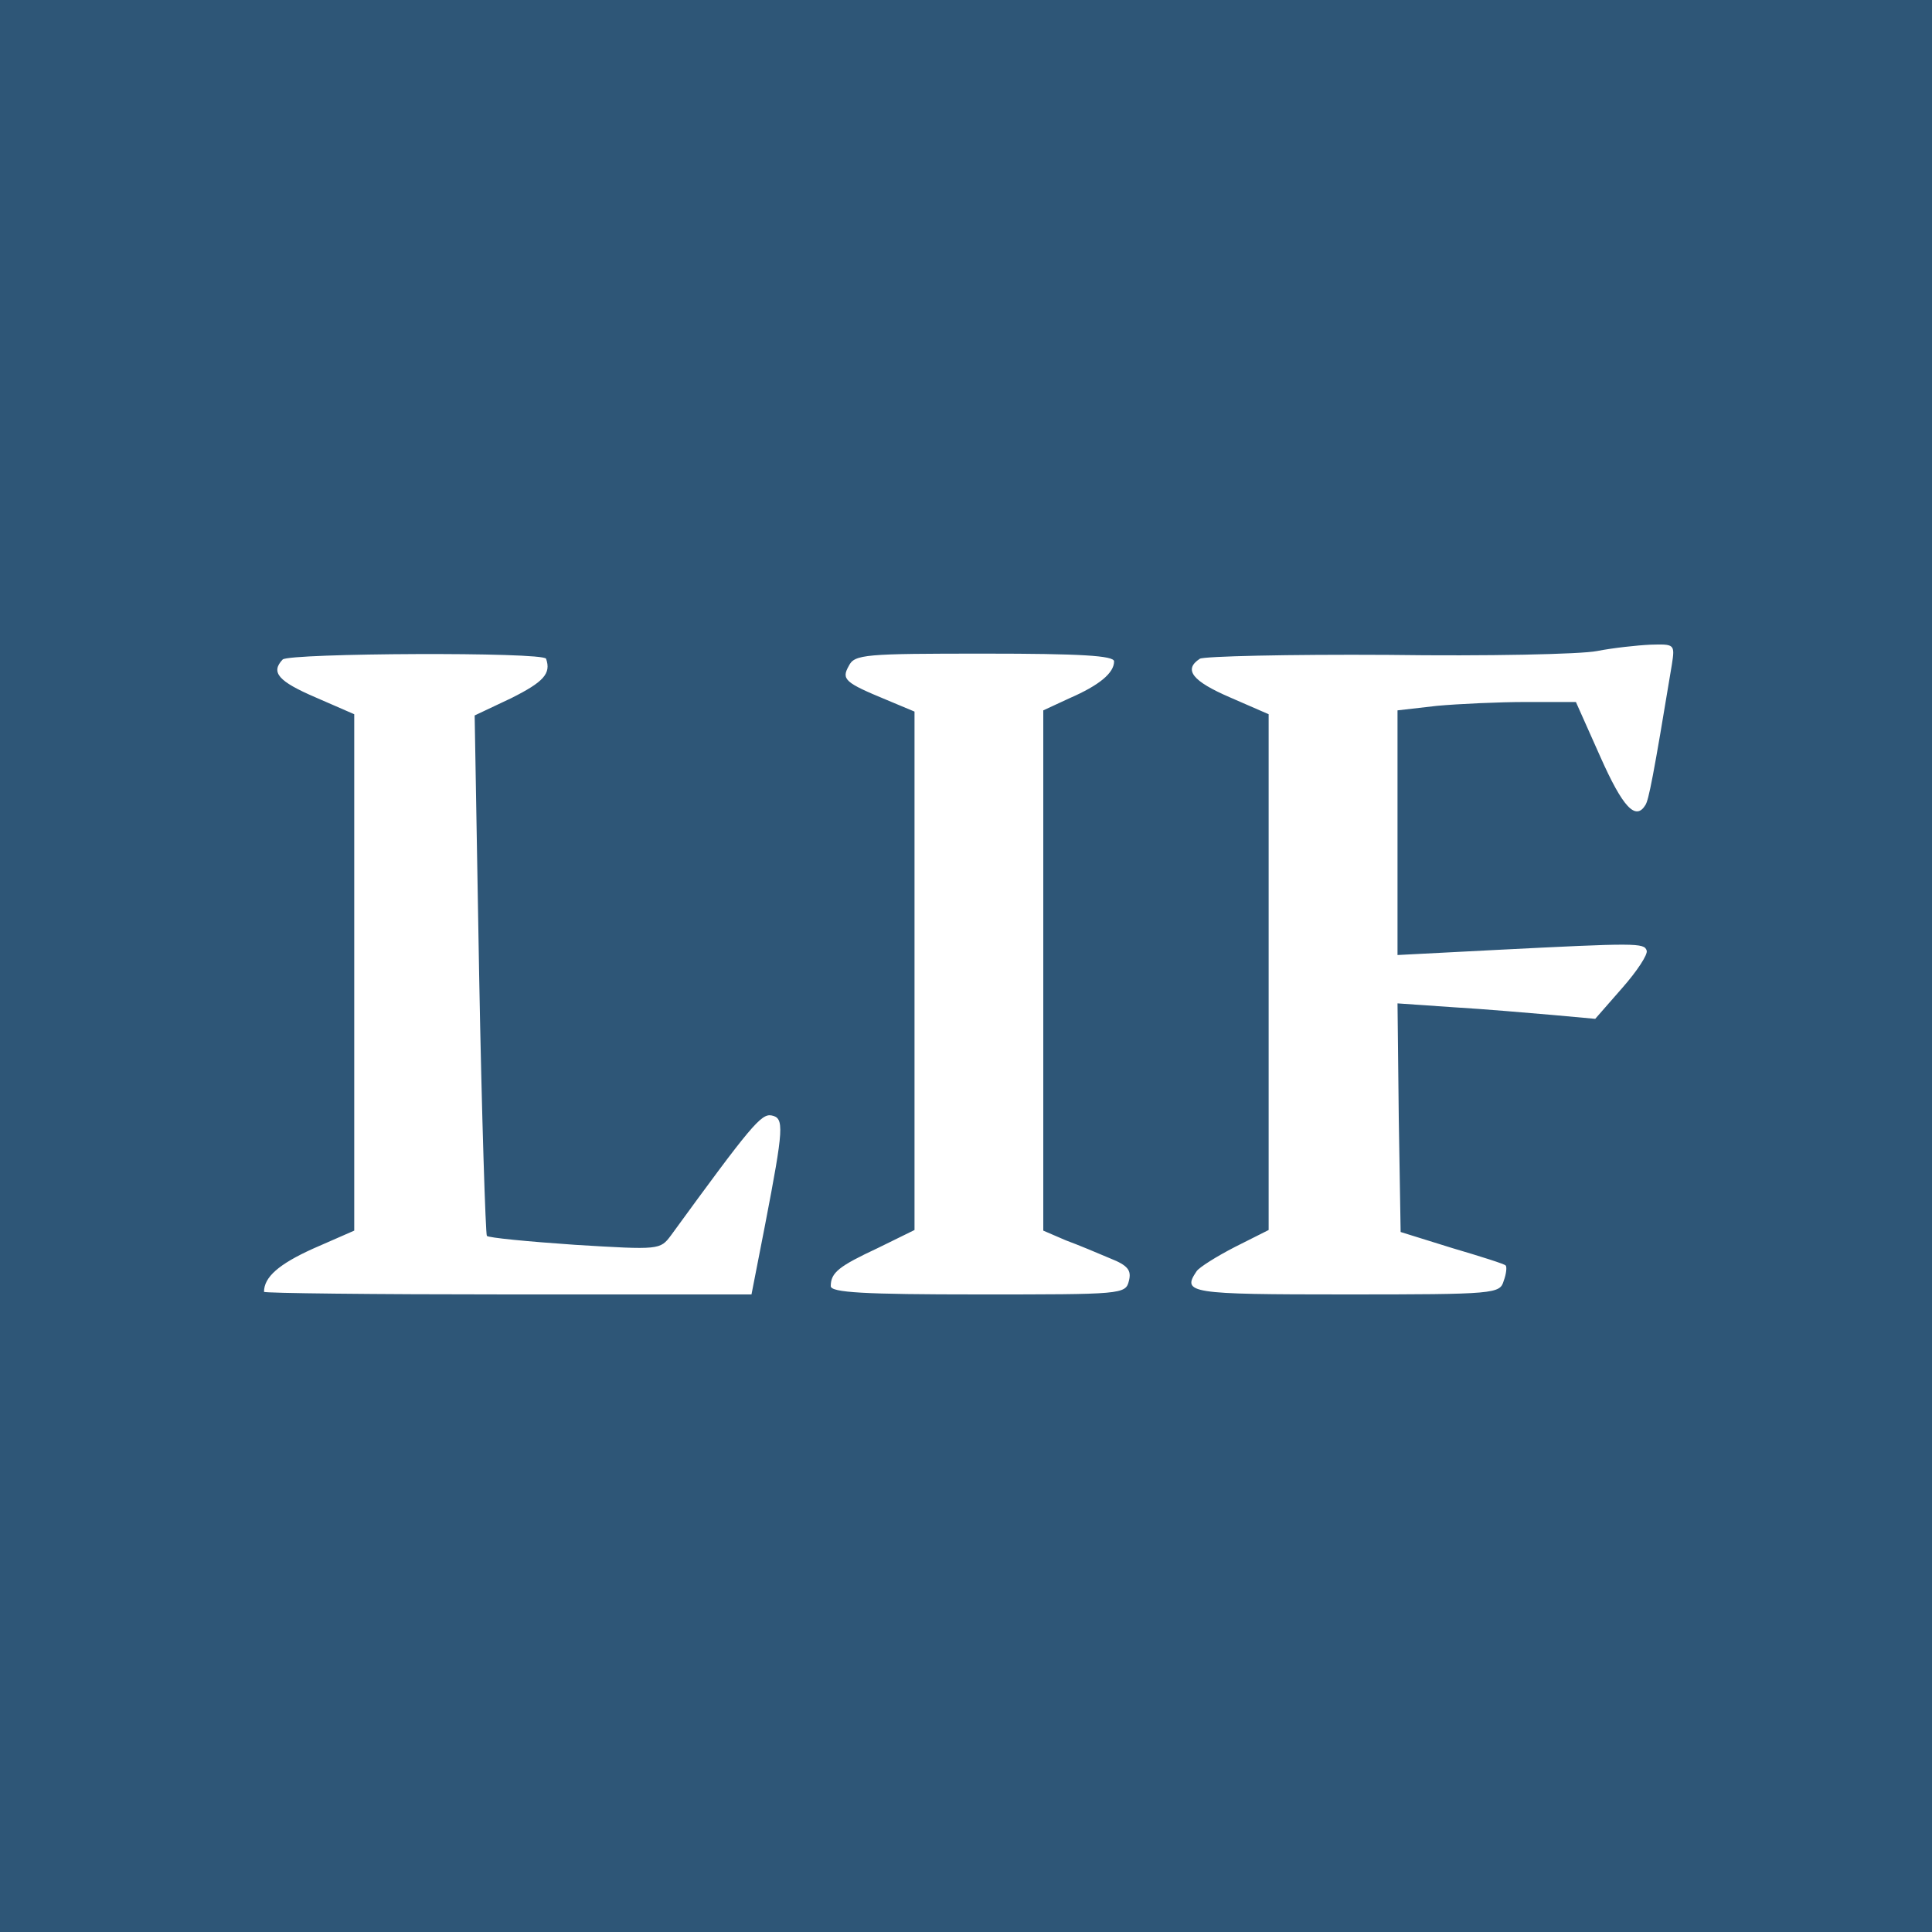 <svg width="60" height="60" viewBox="0 0 60 60" fill="none" xmlns="http://www.w3.org/2000/svg">
<rect x="0" y="0" width="60" height="60" fill="#808080" stroke="none"/>
<g clip-path="url(#clip0_168_615)">
<rect width="60" height="60" fill="white"/>
<g clip-path="url(#clip1_168_615)">
<path fill-rule="evenodd" clip-rule="evenodd" d="M0 0H60V60H0V0ZM51.259 20.021C50.841 20.04 50.098 20.121 49.599 20.218C49.099 20.319 46.181 20.381 43.099 20.338C40.022 20.319 37.382 20.381 37.262 20.458C36.739 20.799 37.041 21.159 38.199 21.658L39.399 22.181V38.199L38.361 38.721C37.781 39.019 37.239 39.36 37.161 39.48C36.701 40.161 36.921 40.2 41.779 40.2C46.459 40.2 46.579 40.181 46.699 39.778C46.781 39.561 46.8 39.341 46.761 39.302C46.742 39.259 45.979 39.019 45.101 38.76L43.498 38.261L43.44 34.719L43.401 31.161L45.139 31.281C46.119 31.339 47.501 31.459 48.221 31.521L49.541 31.641L50.381 30.681C50.841 30.159 51.182 29.64 51.139 29.52C51.062 29.28 50.822 29.28 46.459 29.501L43.401 29.659V22.061L44.621 21.921C45.298 21.859 46.56 21.801 47.4 21.801H48.941L49.699 23.501C50.4 25.08 50.799 25.498 51.101 24.999C51.201 24.84 51.341 24.159 51.921 20.64C52.022 20.001 51.999 20.001 51.259 20.021ZM8.779 20.481C8.4 20.88 8.64 21.159 9.801 21.658L11.001 22.181V38.218L9.72 38.779C8.659 39.259 8.199 39.662 8.199 40.119C8.199 40.161 11.601 40.2 15.778 40.2H23.338L23.76 38.04C24.341 35.021 24.36 34.719 23.961 34.641C23.64 34.579 23.319 34.959 20.841 38.361C20.501 38.818 20.481 38.818 17.861 38.659C16.401 38.559 15.159 38.439 15.12 38.381C15.081 38.338 14.961 34.68 14.88 30.259L14.741 22.219L15.879 21.681C16.881 21.178 17.121 20.919 16.959 20.458C16.881 20.241 9 20.28 8.779 20.481ZM30.581 20.299C26.861 20.299 26.539 20.319 26.361 20.679C26.121 21.101 26.241 21.201 27.542 21.739L28.401 22.099V38.199L27.259 38.76C26.059 39.321 25.8 39.519 25.8 39.941C25.8 40.142 26.841 40.2 30.379 40.2C34.839 40.2 34.959 40.2 35.059 39.778C35.141 39.461 35.04 39.302 34.479 39.081C34.099 38.919 33.48 38.659 33.101 38.52L32.4 38.218V22.061L33.221 21.681C34.139 21.281 34.599 20.901 34.599 20.539C34.599 20.361 33.542 20.299 30.581 20.299Z" fill="#2E5677"/>
</g>
</g>
<defs>
<clipPath id="clip0_168_615">
<rect width="60" height="60" fill="white"/>
</clipPath>
<clipPath id="clip1_168_615">
<rect width="60" height="60" fill="white"/>
</clipPath>
</defs>
</svg>
____
## Problem
Transcribe every line from the records above without alteration, and leave out the images.

## Solution for this problem
 <svg width="60" height="60" viewBox="0 0 60 60" fill="none" xmlns="http://www.w3.org/2000/svg">
<rect x="0" y="0" width="60" height="60" fill="#808080" stroke="none"/>
<g clip-path="url(#clip0_168_615)">
<rect width="60" height="60" fill="white"/>
<g clip-path="url(#clip1_168_615)">
<path fill-rule="evenodd" clip-rule="evenodd" d="M0 0H60V60H0V0ZM51.259 20.021C50.841 20.04 50.098 20.121 49.599 20.218C49.099 20.319 46.181 20.381 43.099 20.338C40.022 20.319 37.382 20.381 37.262 20.458C36.739 20.799 37.041 21.159 38.199 21.658L39.399 22.181V38.199L38.361 38.721C37.781 39.019 37.239 39.36 37.161 39.48C36.701 40.161 36.921 40.2 41.779 40.2C46.459 40.2 46.579 40.181 46.699 39.778C46.781 39.561 46.8 39.341 46.761 39.302C46.742 39.259 45.979 39.019 45.101 38.76L43.498 38.261L43.44 34.719L43.401 31.161L45.139 31.281C46.119 31.339 47.501 31.459 48.221 31.521L49.541 31.641L50.381 30.681C50.841 30.159 51.182 29.64 51.139 29.52C51.062 29.28 50.822 29.28 46.459 29.501L43.401 29.659V22.061L44.621 21.921C45.298 21.859 46.56 21.801 47.4 21.801H48.941L49.699 23.501C50.4 25.08 50.799 25.498 51.101 24.999C51.201 24.84 51.341 24.159 51.921 20.64C52.022 20.001 51.999 20.001 51.259 20.021ZM8.779 20.481C8.4 20.88 8.64 21.159 9.801 21.658L11.001 22.181V38.218L9.72 38.779C8.659 39.259 8.199 39.662 8.199 40.119C8.199 40.161 11.601 40.2 15.778 40.2H23.338L23.76 38.04C24.341 35.021 24.36 34.719 23.961 34.641C23.64 34.579 23.319 34.959 20.841 38.361C20.501 38.818 20.481 38.818 17.861 38.659C16.401 38.559 15.159 38.439 15.12 38.381C15.081 38.338 14.961 34.68 14.88 30.259L14.741 22.219L15.879 21.681C16.881 21.178 17.121 20.919 16.959 20.458C16.881 20.241 9 20.28 8.779 20.481ZM30.581 20.299C26.861 20.299 26.539 20.319 26.361 20.679C26.121 21.101 26.241 21.201 27.542 21.739L28.401 22.099V38.199L27.259 38.76C26.059 39.321 25.8 39.519 25.8 39.941C25.8 40.142 26.841 40.2 30.379 40.2C34.839 40.2 34.959 40.2 35.059 39.778C35.141 39.461 35.04 39.302 34.479 39.081C34.099 38.919 33.48 38.659 33.101 38.52L32.4 38.218V22.061L33.221 21.681C34.139 21.281 34.599 20.901 34.599 20.539C34.599 20.361 33.542 20.299 30.581 20.299Z" fill="#2E5677"/>
</g>
</g>
<defs>
<clipPath id="clip0_168_615">
<rect width="60" height="60" fill="white"/>
</clipPath>
<clipPath id="clip1_168_615">
<rect width="60" height="60" fill="white"/>
</clipPath>
</defs>
</svg>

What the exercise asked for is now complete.